We can characterize exactly what these models are as follows.

Theorem. (Ali Enayat) The following are equivalent, for a countable nonstandard model $N\models\text{PA}$.

1. $N$ arises as $\mathbb{N}^M$ for some model $M\models\text{ZFC}$.

2. $N$ is computably saturated and satisfies all the arithmetic consequences of ZFC.

In statement 2, what we mean is that $N\models\varphi$, whenever $\varphi$ is an arithmetic statement that is provable from ZFC. For example, this includes the case where $\varphi$ is Goodstein's theorem, and this is exactly what is going on in your question. Obviously, any model of PA arising as the $\mathbb{N}$ of a model of ZFC set theory must satisfy all the arithmetic consequences of ZFC, and this is essentially how you are reasoning in statement 3 of the question. The interesting part is that this is also sufficient, when combined with computable saturation.
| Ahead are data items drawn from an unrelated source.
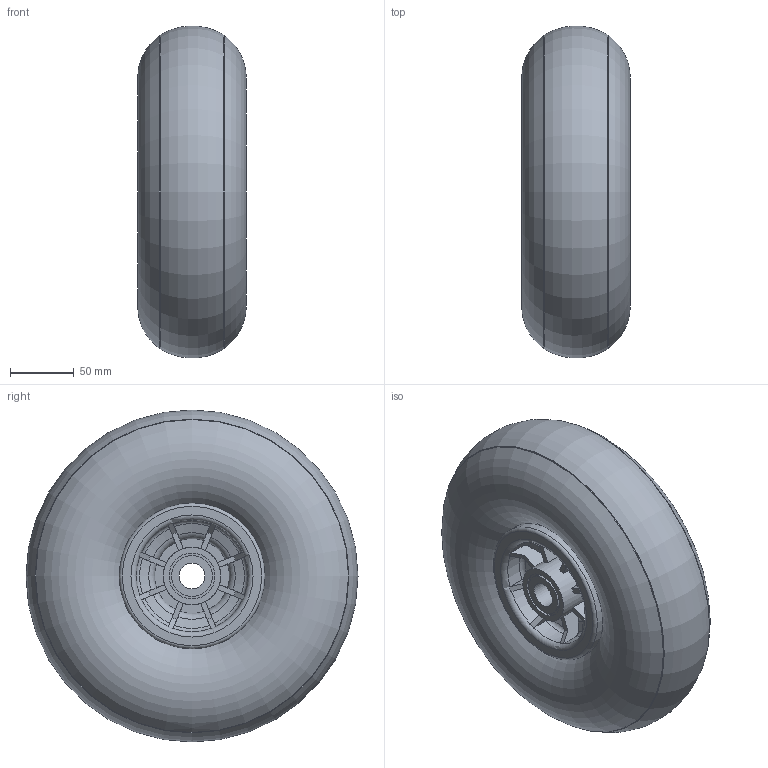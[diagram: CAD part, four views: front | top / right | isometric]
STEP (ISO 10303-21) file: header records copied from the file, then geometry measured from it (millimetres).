
FILE_DESCRIPTION( ( 'STEP AP214' ), ' ' );
FILE_NAME( '824601.stp', '2017-04-27T08:12:49', ( '' ), ( '' ), ' ', 'PARTsolutions', ' ' );
FILE_SCHEMA( ( 'AUTOMOTIVE_DESIGN { 1 0 10303 214 1 1 1 1 }' ) );
Length unit declared in the file: millimetre
Products named in the file (1): _824601
Bounding box: 84.91 x 259.83 x 259.83 mm (x, y, z)
Volume: 1439413.6 mm3; surface area: 312143.3 mm2
Topology: 1 solids, 2 shells, 198 faces, 550 edges, 365 vertices
Faces by surface type: plane 79, cylinder 46, torus 41, cone 32
Full cylindrical faces by diameter (mm): 10 x1, 20 x1, 32 x2, 36 x2, 45 x2, 114 x2, 244.6 x2
Entity records: 8846 total; most frequent: CARTESIAN_POINT 2401, ORIENTED_EDGE 1050, DIRECTION 958, EDGE_CURVE 525, AXIS2_PLACEMENT_3D 397, VERTEX_POINT 362, EDGE_LOOP 229, FACE_OUTER_BOUND 216

You can find a proof of the theorem in my paper: J. D. Hamkins and R. Yang, Satisfaction is not absolute, to appear in the Review of Symbolic Logic, pp. 1-34. (arxiv:1312.0670) (see proposition 3).

• But is it possible to "visualize" such nonstandard models of PA? What are their distinguishing features in terms of, say, order type? What enables them to "deceive" a model of ZFC? Also, your 2. somehow suggests that if a model is of this kind then $M$ in your 1. could be arbitrary? – მამუკა ჯიბლაძე Jun 19 '17 at 17:40
• Yes, I believe one can come to know these models quite well, and those who study these models develop a deep insight into them. But order-type is not the way to do it, since all countable nonstandard models of PA have the same order type, which is $\mathbb{N}+\mathbb{Z}\cdot\mathbb{Q}$. And I don't know to what kind of deception you refer. Yes, the M in statement 1 can be arbitrary, for then you get $N$ as the $\mathbb{N}$ of that model. The point is that we can identify the necessary and sufficient properties on $N$ that it would arise that way, at least for countable models. – Joel David Hamkins Jun 19 '17 at 18:12
• @მამუკაჯიბლაძე: What enables them to "deceive" a model of ZFC is that they resemble a $\mathbb{N}$ much more thoroughly than an arbitrary nonstandard model: indeed, they satisfy all the arithmetic consequences of ZFC. – Henry Towsner Jun 19 '17 at 18:47
• @მამუკაჯიბლაძე: 1) Certainly not: the $\Pi^0_n$ consequences of ZFC do not imply the $\Pi^0_{n+1}$ consequences, so, at a minimum, it requires specifying properties of arbitrary complexity. 2) No; indeed, take any model $M$ of ZFC; it contains countably saturated nonstandard models of the language of arithmetic elementarily equivalent to $\mathbb{N}^M$. Such a model is the natural numbers of some model of ZFC, but $M$ can distinguish it from the standard model because $M$ can see that $\mathbb{N}^M$ is a proper initial segment. – Henry Towsner Jun 19 '17 at 18:59
• @მამუკაჯიბლაძე: Because it can identify non-arithmetic properties---the sentence "there is a set closed under successor which is a proper initial segment" is $\Sigma^1_1$, not arithmetical, and is the thing that actually distinguishes a standard model from a non-standard one. – Henry Towsner Jun 20 '17 at 17:59

The resolution to your confusion is simply that there is no model $M$ of $ZFC$ for which $N$ is the set of natural numbers. Being the set of natural numbers of a model of $ZFC$ is very rare for models of $PA$, because a set of natural numbers for a model of $ZFC$ has to satisfy all kinds of statements that $ZFC$ can prove about natural numbers and $PA$ cannot, whereas in many models of $PA$ some or all of those statements are false.

The contradiction that you demonstrated is actually a proof that there is no model of $ZFC$ which has $N$ as its to set of natural numbers.